UML as a Data Modeling Notation, Part 4

UML as a Data Modeling Notation, Part 1

UML as a Data Modeling Notation, Part 2

UML as a Data Modeling NotationPart 3

The series of articles was originally presented in three parts. Part 1 set the stage, describing the basic differences between
the notations and, in principle, how they can be reconciled. Part 2, went into more detail, addressing sub-types and
constraints, along with both what elements in UML should not be used in a data model, and what has to be added (unique identifiers). Part 3 discussed the aesthetics of modeling, as well as some quirky aspects of UML that were worth noting.
A Postscript

Dave Hay used the approach to conceptual entity/relationship modeling described in this series published in the last three issues of TDAN to present a version of the Information Management Metadata
Model to the Object Management Group for review. Specifically, the technology-independent models of both entity/relationship modeling and relational design were presented using this form. In
general, they were well received, but one viewer brought up the problem that UML people viewing this model required information about its context if they were not to misinterpret it. The suggestion
was made that perhaps UML should not be used in the case where the objectives of an entity/relationship model were clearly different from those of a more typical UML model.

Dave is receptive to that, since that was what he had expected to do in the first place, but he’s invested enough in this approach that he would like to see it work. So, he and Mike have come
up with the following modifications to the technique, in an attempt to make the results more palatable to the UML community.

Understand that the principal difference between entity/relationship modeling and UML modeling is in its contents: entity/relationship modeling – as presented in these articles – is
constrained to represent only objects and classes that represent a particular universe of discourse (such as a business). UML in its pure form has no such restrictions. An object can be a
cursor or a window on a computer screen, a database or any such computer artifact. These are not included in a technology-independent entity/relationship model.

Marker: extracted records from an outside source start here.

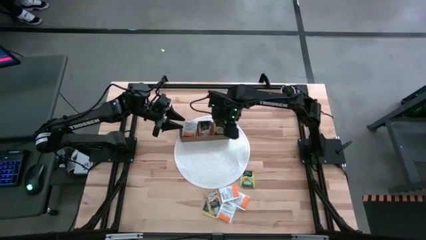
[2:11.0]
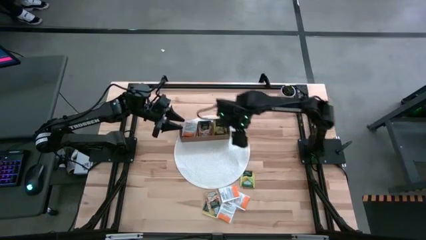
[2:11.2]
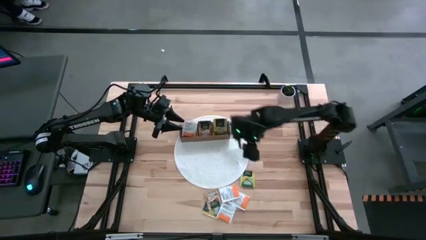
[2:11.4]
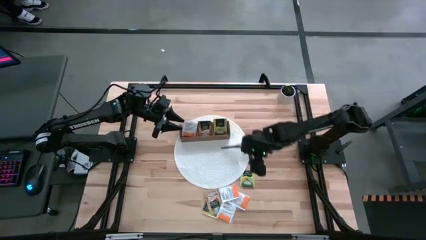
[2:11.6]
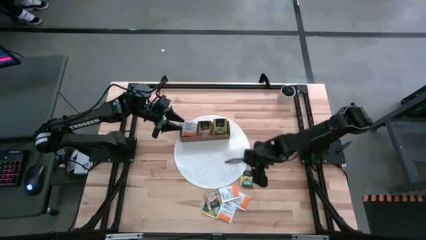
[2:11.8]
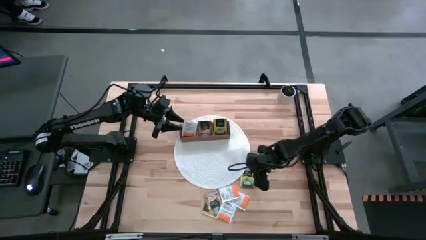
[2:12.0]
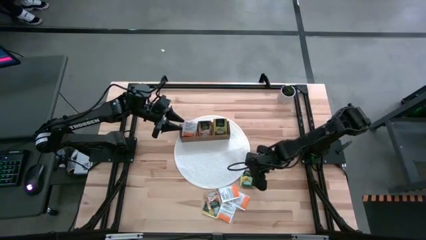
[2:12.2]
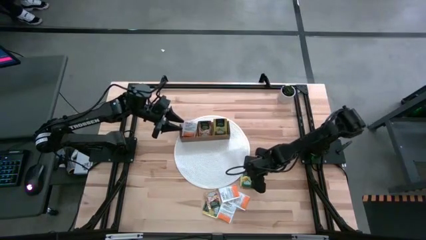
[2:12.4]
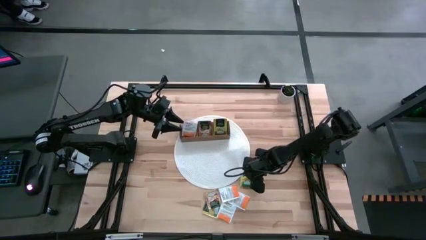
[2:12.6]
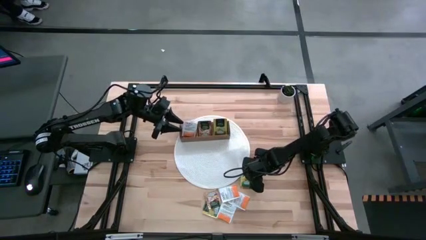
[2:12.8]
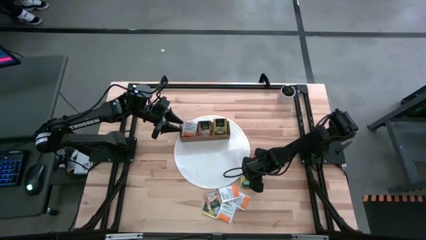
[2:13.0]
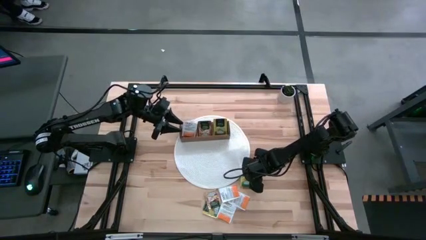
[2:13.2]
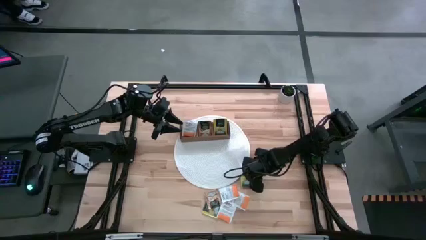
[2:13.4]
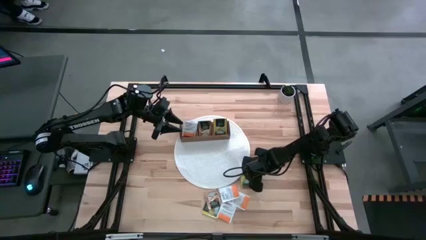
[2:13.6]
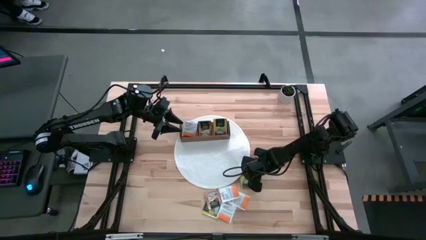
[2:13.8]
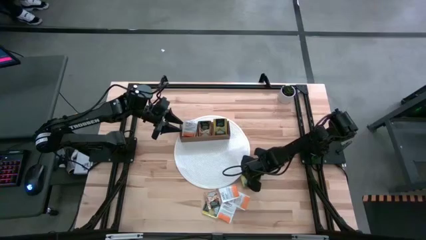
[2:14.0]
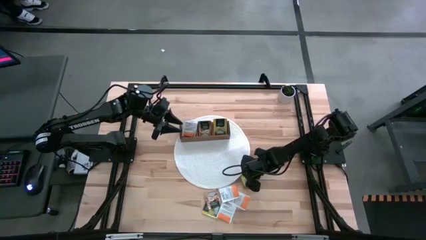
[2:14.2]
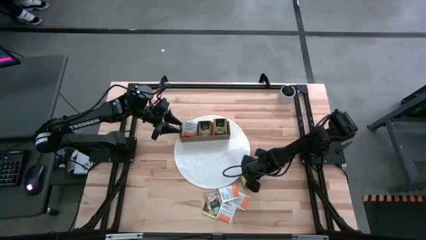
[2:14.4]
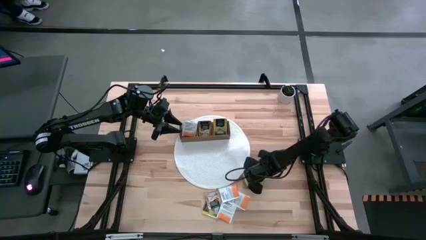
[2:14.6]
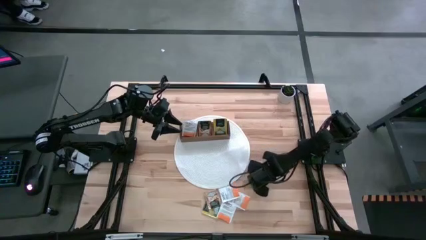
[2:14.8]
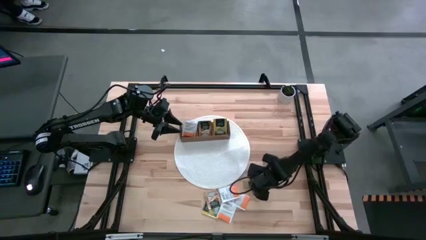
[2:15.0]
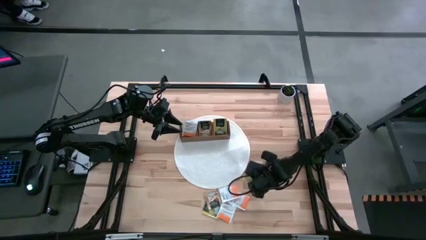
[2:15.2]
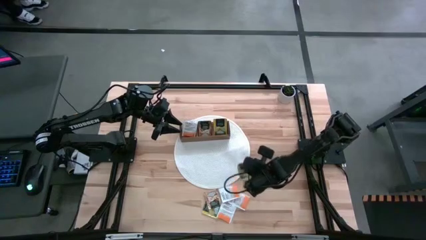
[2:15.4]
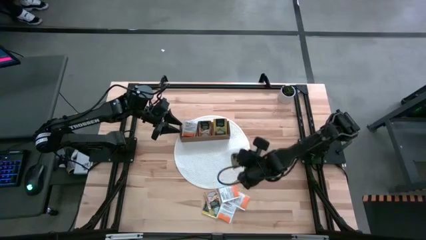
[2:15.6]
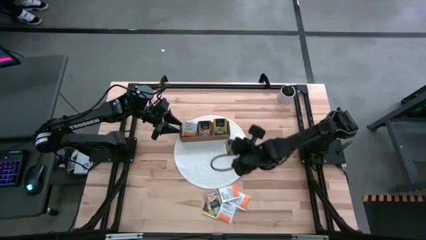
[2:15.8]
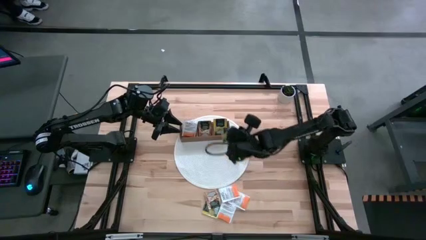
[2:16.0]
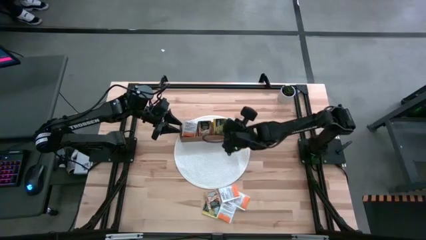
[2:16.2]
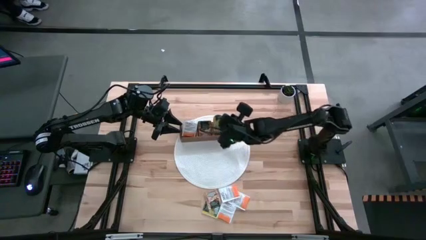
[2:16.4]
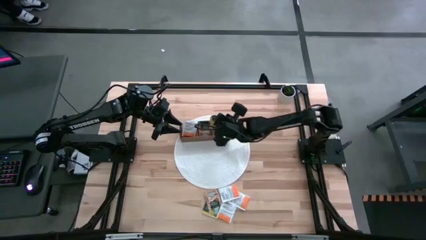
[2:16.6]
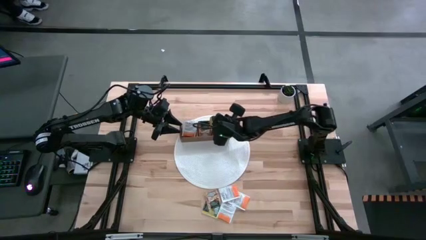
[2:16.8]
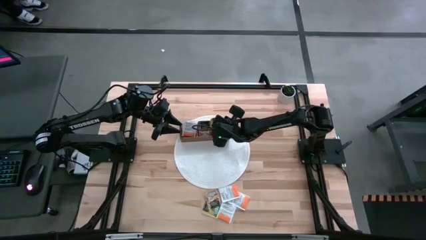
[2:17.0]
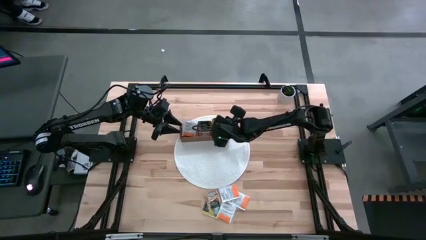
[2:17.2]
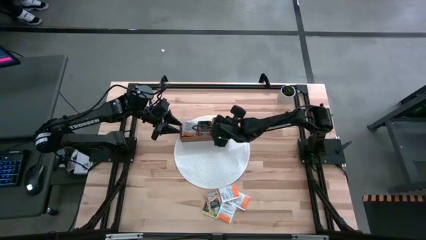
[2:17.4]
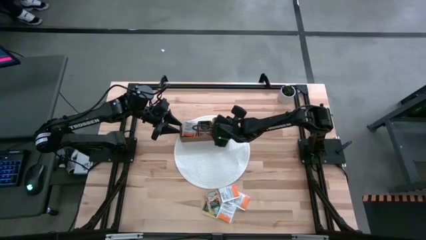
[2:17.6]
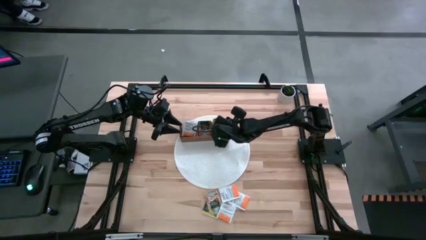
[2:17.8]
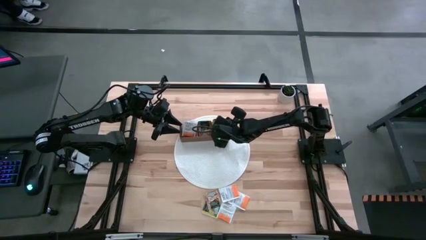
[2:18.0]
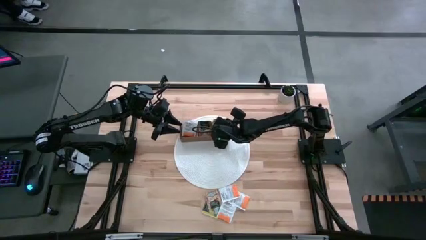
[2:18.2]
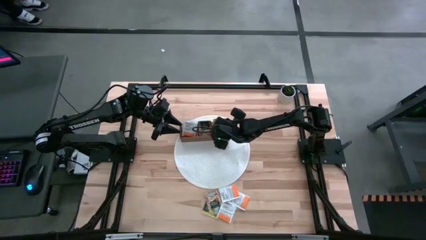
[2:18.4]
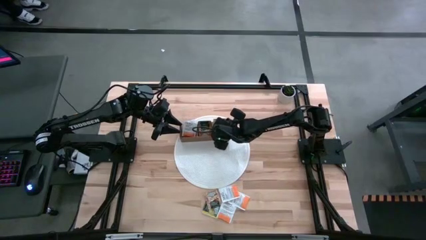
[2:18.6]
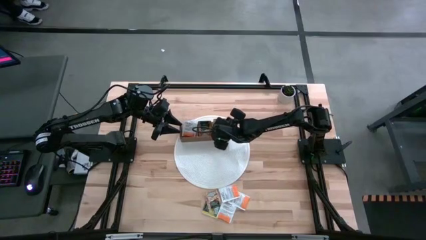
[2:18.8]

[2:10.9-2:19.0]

A UML model is typically created by an object-oriented designer to provide to a programmer, while an entity/relationship model is created by a business analyst to be reviewed by subject area
experts, and then to be submitted to a physical database designer. These viewers of the model have very different perspectives on the issues at hand.

But this difference should not be insurmountable in allowing the UML and data modeling communities to share the notation.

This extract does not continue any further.